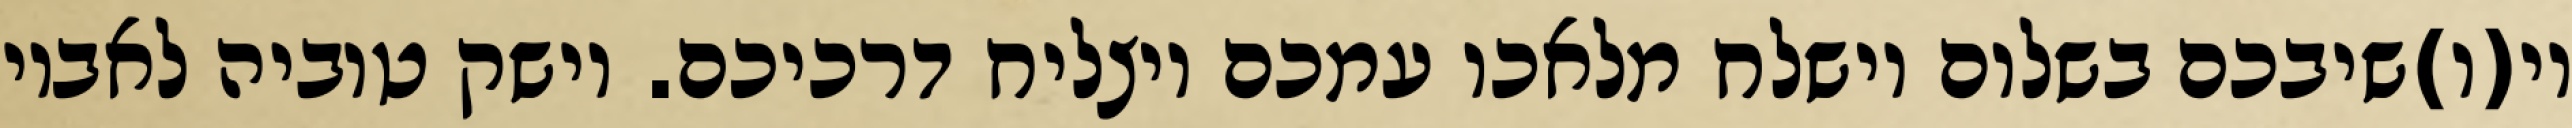
וי(ו)שיבכם בשלום וישלח מלאכו עמכם ויצליח דרכיכם. וישק טוביה לאביו
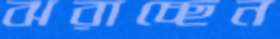
ঝরাচ্ছেন
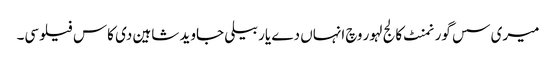
میری سس گورنمنٹ کالج لہور وچ انہاں دے یار بیلی جاوید شاہین دی کاس فیلوسی۔
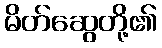
မိတ်ဆွေတို့၏
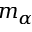
m _ { \alpha }
────────────────────
◆ Problem statement
Output all of the records word for word, and keep the pictures out of the copy.

◆ Finished exercise
וי(ו)שיבכם בשלום וישלח מלאכו עמכם ויצליח דרכיכם. וישק טוביה לאביו
ঝরাচ্ছেন
میری سس گورنمنٹ کالج لہور وچ انہاں دے یار بیلی جاوید شاہین دی کاس فیلوسی۔
မိတ်ဆွေတို့၏
m _ { \alpha }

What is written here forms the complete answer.